Example 2 - Iteration Value Operation In Loop Block

This sample will be a little different, the variable within the loop block will keep changing as the number of cycles increases. The program will be keeping running infinitely cuz the value of variable m will overflow and the while loop will never come to an end.

#include <limits.h>
#include <stdio.h>

int binary_search(int n, long v) {
  int l = 0, u = n-1;
  while (l <= u ) {
    int m = (l + u) / 2;
    if (m < v) l = m + 1;
    else if (m > v) u = m - 1;
    else return m;
  }
  return -1;
}

int main()
{
  int result = binary_search(INT_MAX/2+3, INT_MAX/2 + 1);
  printf("%d\n", result);
}

If we run the Coverity analyzer it will not identify the defect no matter what checkers or standards enabled.

1	cov-analyze --dir idir/ --all --enable-audit-mode

1	cov-analyze --dir idir/ --coding-standard-config "/opt/cov-analysis-linux64/config/coding-standards/cert-c/cert-c-all.config"

Analysis summary report:
------------------------
Files analyzed                 : 1 Total
    C                          : 1
Total LoC input to cov-analyze : 2459
Functions analyzed             : 2
Paths analyzed                 : 22
Time taken by analysis         : 00:00:02
Defect occurrences found       : 0

It’s obvious that Coverity will not handle this kind of problem if the values of variables will be different as the runtime status changes.

Example 3 - Command Execution Function Call In Loop Block

Now that Coverity will not check the defects if the iteration variable is calculated as an operand.
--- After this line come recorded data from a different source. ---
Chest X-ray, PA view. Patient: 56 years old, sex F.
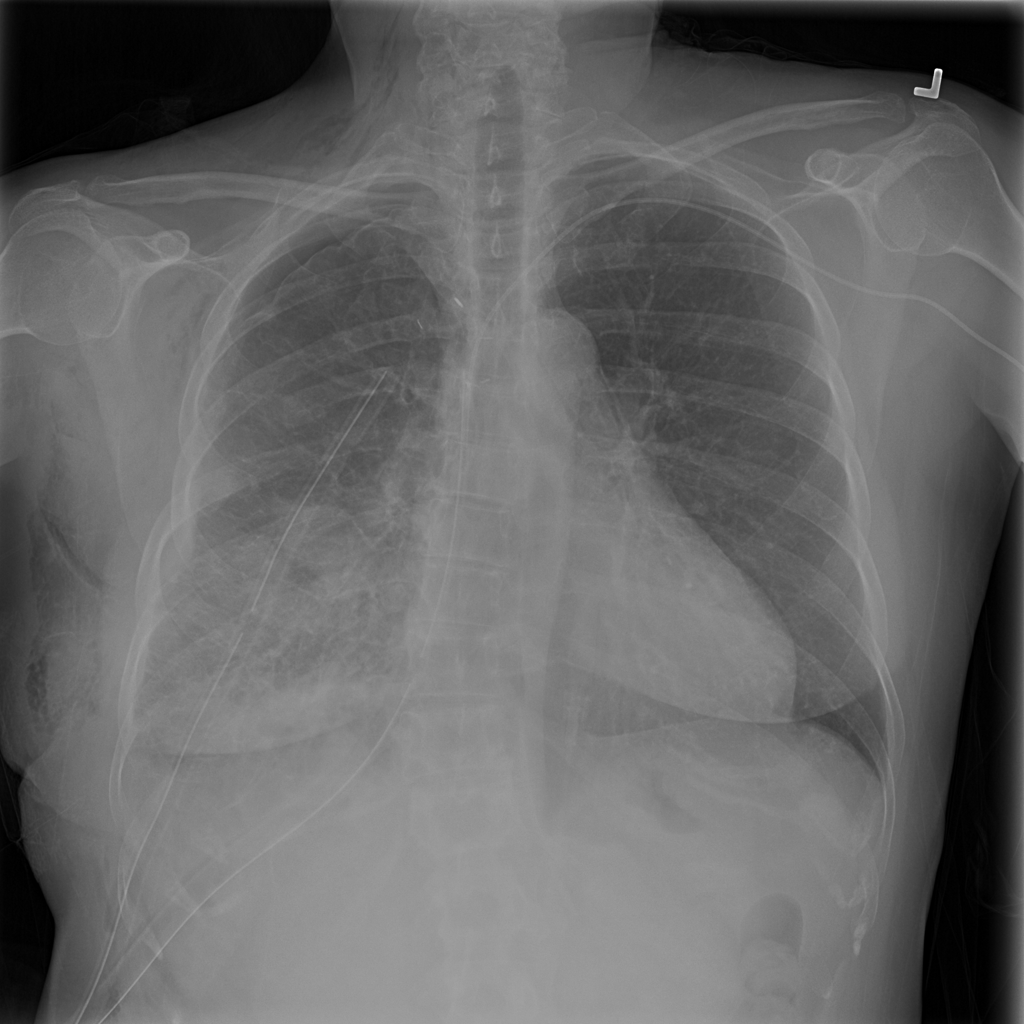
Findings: Effusion, Emphysema, Infiltration, Pneumothorax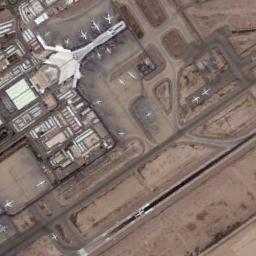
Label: airport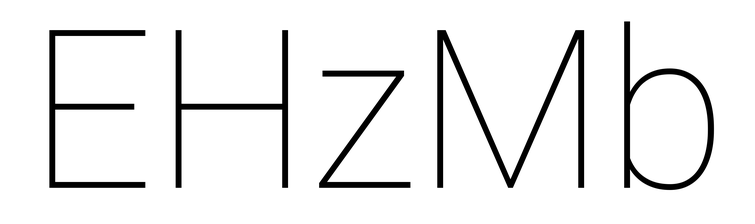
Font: Roboto_Thin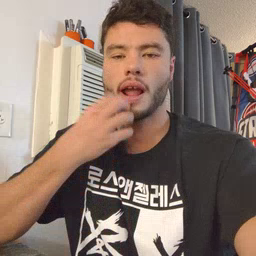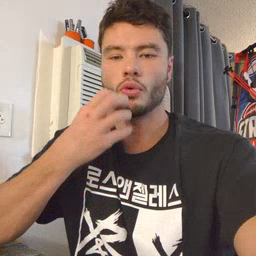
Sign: underwear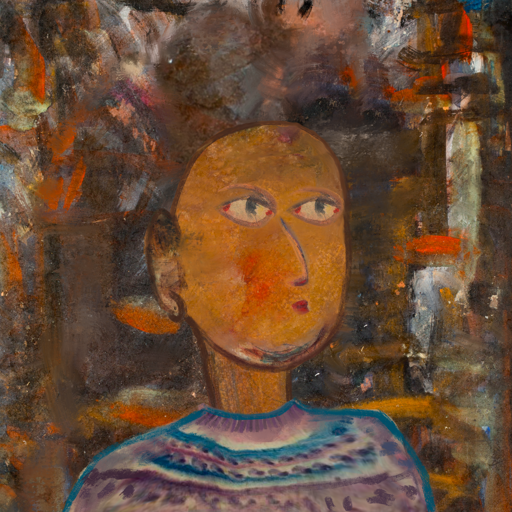
Background: GypsyQueen, Head And Neck Side: Pipe, Face Side: GypsyMother, Bust: HillGirl, Hair Side: Blank, Head Accessory: Blank, Second Necklace: Blank, Necklace: Blank, Baby: Blank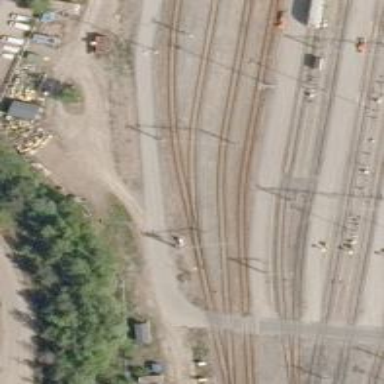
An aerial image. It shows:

I’m curious if Coverity will check the code behavior if the iteration variable is used in other kind of code block such as judge clause. In the code below, it read data from external file and passes the data to command execution function system().

#include <string.h>
#include <stdio.h>
#include <stdlib.h>

#define BUZZ_SIZE 20

void foo1(char* a);
void foo2(char* a);
void foo3(char* a);

void foo1(char* a)
{
  foo2(a);
}

void foo2(char* a)
{

  char buff[BUZZ_SIZE] = {};
  FILE *f = fopen("f.txt", "r");
  for (int i = 0; i < 100; i += 2) {
  if (i == 90) fgets(buff, BUZZ_SIZE, f);
  }
  fclose(f);
  memcpy(&buff[strlen(buff) -1], a, strlen(a) + 1);
  foo3(buff);
}

void foo3(char* a)
{
  char* r;
  r = a;
  system(r);
  return;
}

int main(int argc, char** argv)
{
  char *l = " -l";
  foo1(l);
  return 0;
}

1	cov-analyze --dir idir/ --all --enable-audit-mode

Analysis summary report:
------------------------
Files analyzed                 : 1 Total
    C                          : 1
Total LoC input to cov-analyze : 4387
Functions analyzed             : 4
Paths analyzed                 : 51
Time taken by analysis         : 00:00:03
Defect occurrences found       : 1 OS_CMD_INJECTION

We can find that Coverity has truly detected the defect through it’s data flow analysis and taint tracking process.

But I’m still curious what kind of method coverity use to find the problem. Let’s try to modify the value from 90 to 91 in the judge clause.

#include <string.h>
#include <stdio.h>
#include <stdlib.h>

#define BUZZ_SIZE 20

void foo1(char* a);
void foo2(char* a);
void foo3(char* a);

void foo1(char* a)
{
  foo2(a);
}

void foo2(char* a)
{

  char buff[BUZZ_SIZE] = {};
  FILE *f = fopen("f.txt", "r");
  for (int i = 0; i < 100; i += 2) {
  if (i == 91) fgets(buff, BUZZ_SIZE, f);
  }
  fclose(f);
  memcpy(&buff[strlen(buff) -1], a, strlen(a) + 1);
  foo3(buff);
}

void foo3(char* a)
{
  char* r;
  r = a;
  system(r);
  return;
}

int main(int argc, char** argv)
{
  char *l = " -l";
  foo1(l);
  return 0;
}

Re-analyze the code and the problem doesn’t exist any more.

Analysis summary report:
------------------------
Files analyzed                 : 1 Total
    C                          : 1
Total LoC input to cov-analyze : 4387
Functions analyzed             : 4
Paths analyzed                 : 44
Time taken by analysis         : 00:00:03
Defect occurrences found       : 0

Interesting, at least we can assure Coverity actually maintained a placeholder to keep the value of variables in the loop block while performing data flow analysis or taint tracking.